_REQUIREMENT_. Print everything in the records exactly. Leave the pictures out.

[PROVIDED ENTRIES — start]

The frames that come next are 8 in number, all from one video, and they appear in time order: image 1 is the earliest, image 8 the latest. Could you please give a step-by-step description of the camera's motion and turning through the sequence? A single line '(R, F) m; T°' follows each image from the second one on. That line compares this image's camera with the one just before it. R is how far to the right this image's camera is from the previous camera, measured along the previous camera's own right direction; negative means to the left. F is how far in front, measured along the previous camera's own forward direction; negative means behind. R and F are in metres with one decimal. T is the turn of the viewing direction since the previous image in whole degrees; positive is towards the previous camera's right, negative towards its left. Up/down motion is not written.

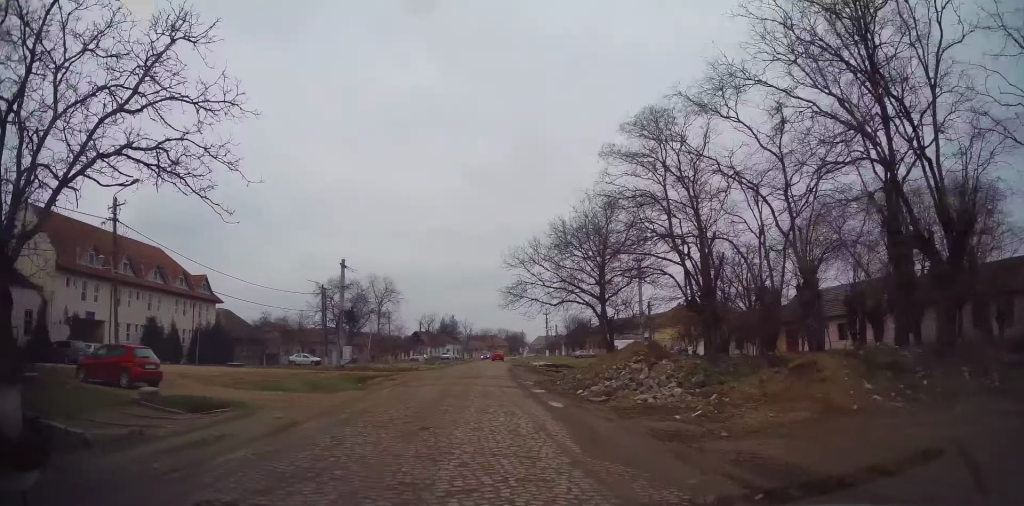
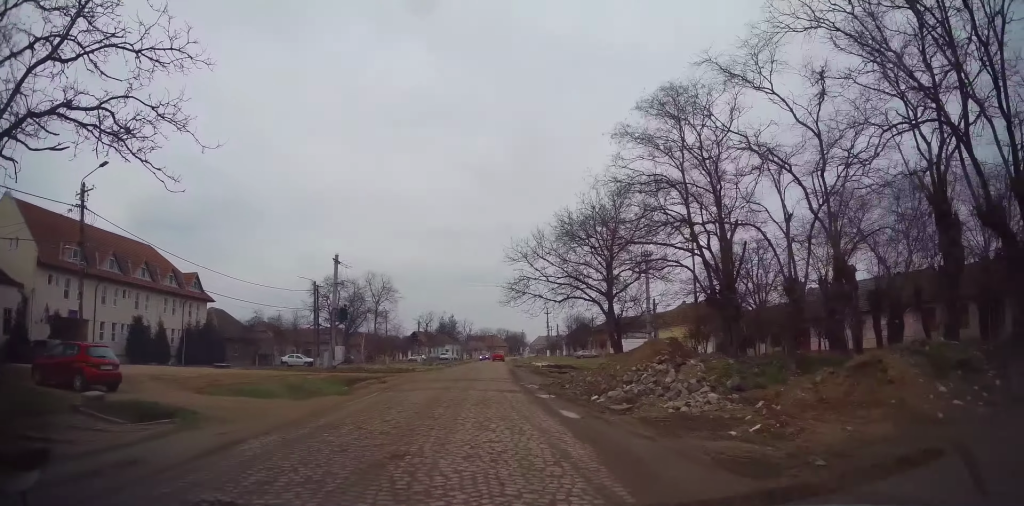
(+0.2, +2.5) m; 0°
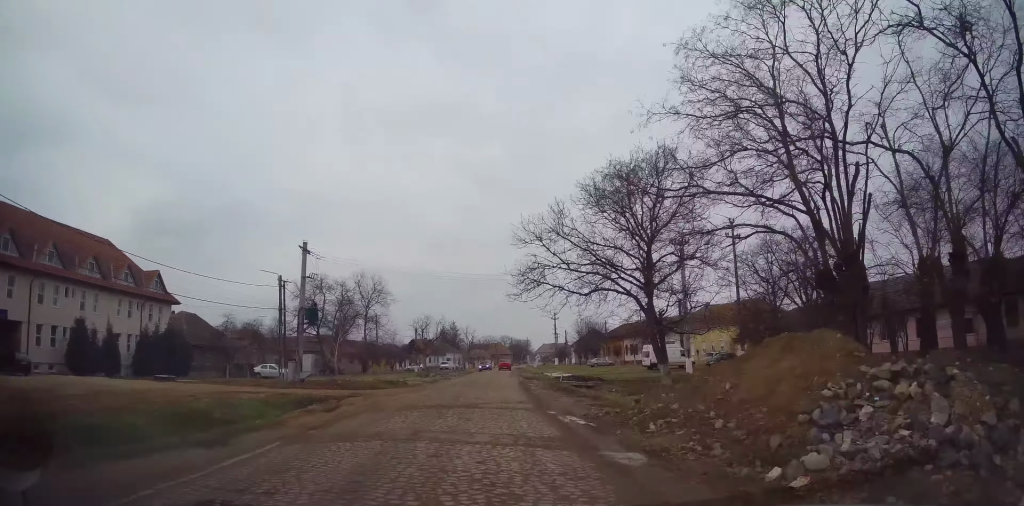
(-0.6, +9.1) m; -2°
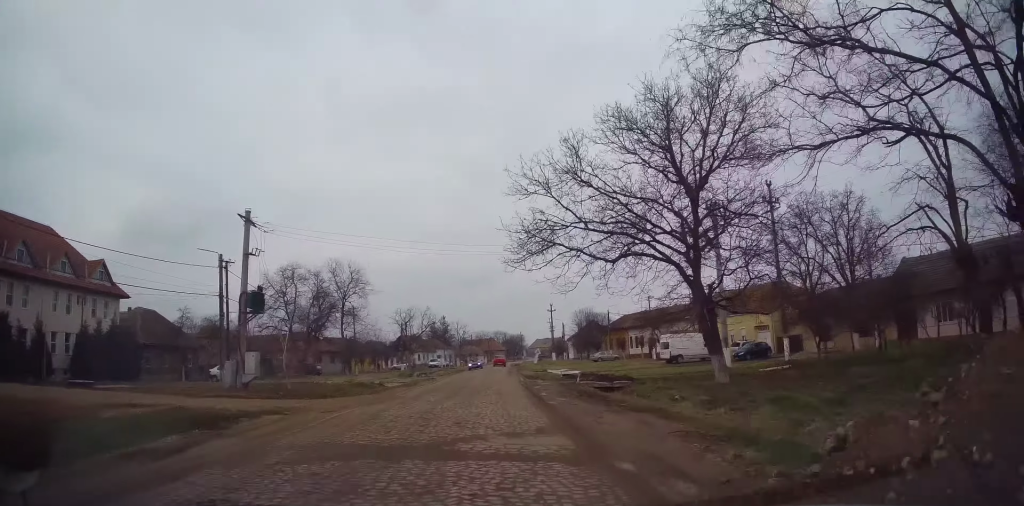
(+0.2, +8.5) m; 0°
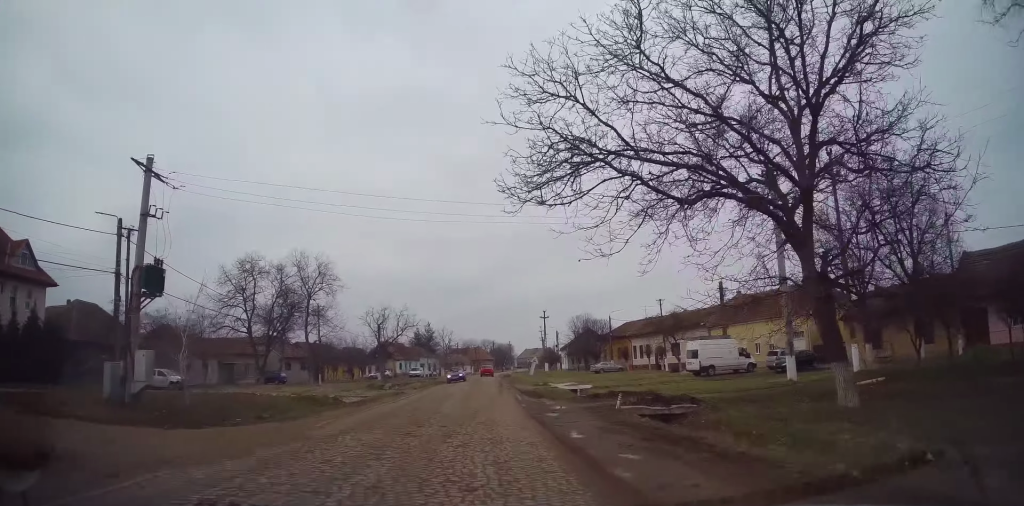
(-0.3, +9.2) m; +4°
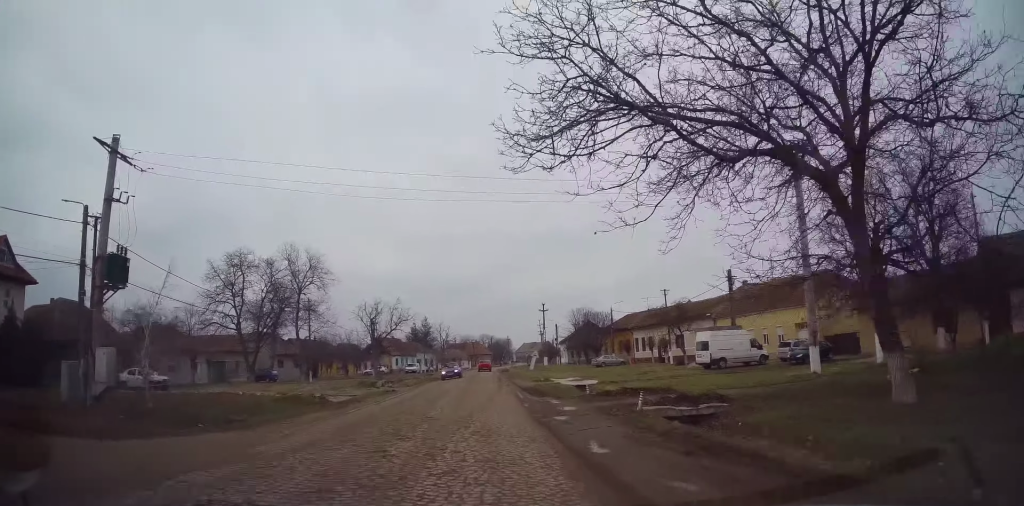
(+0.2, +2.3) m; -1°
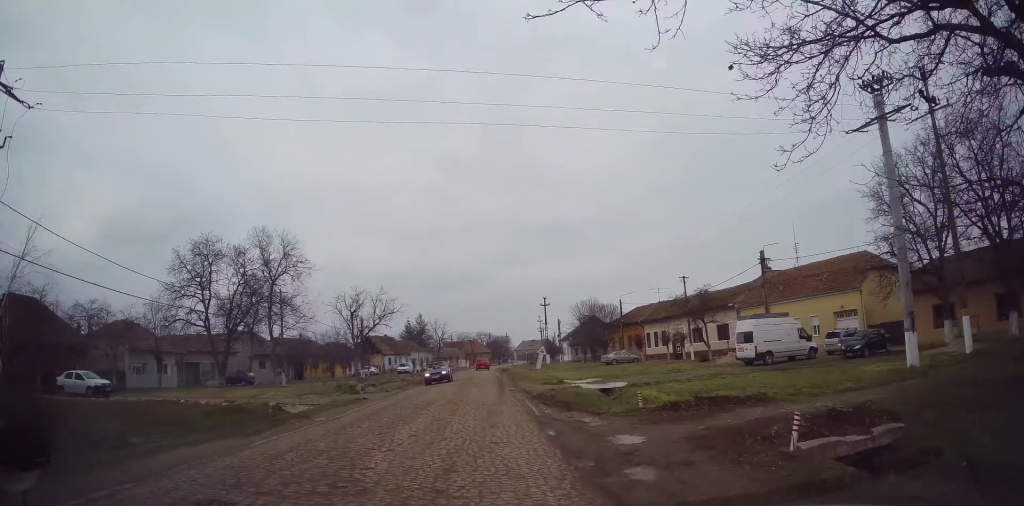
(-0.3, +6.7) m; -1°
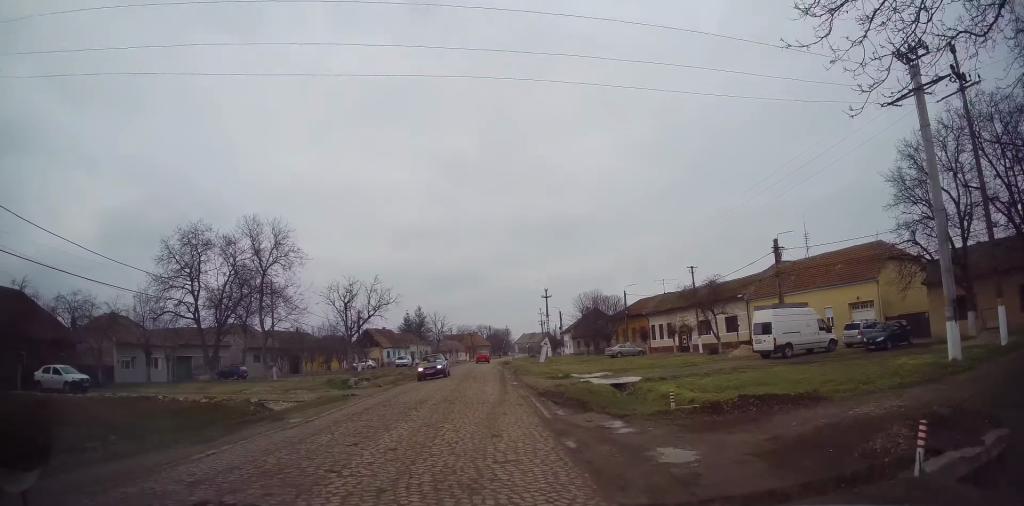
(+0.1, +2.2) m; 0°

[PROVIDED ENTRIES — finish]

_OUTPUT OF THE TASK_.
The frames that come next are 8 in number, all from one video, and they appear in time order: image 1 is the earliest, image 8 the latest. Could you please give a step-by-step description of the camera's motion and turning through the sequence? A single line '(R, F) m; T°' follows each image from the second one on. That line compares this image's camera with the one just before it. R is how far to the right this image's camera is from the previous camera, measured along the previous camera's own right direction; negative means to the left. F is how far in front, measured along the previous camera's own forward direction; negative means behind. R and F are in metres with one decimal. T is the turn of the viewing direction since the previous image in whole degrees; positive is towards the previous camera's right, negative towards its left. Up/down motion is not written.

(+0.2, +2.5) m; 0°
(-0.6, +9.1) m; -2°
(+0.2, +8.5) m; 0°
(-0.3, +9.2) m; +4°
(+0.2, +2.3) m; -1°
(-0.3, +6.7) m; -1°
(+0.1, +2.2) m; 0°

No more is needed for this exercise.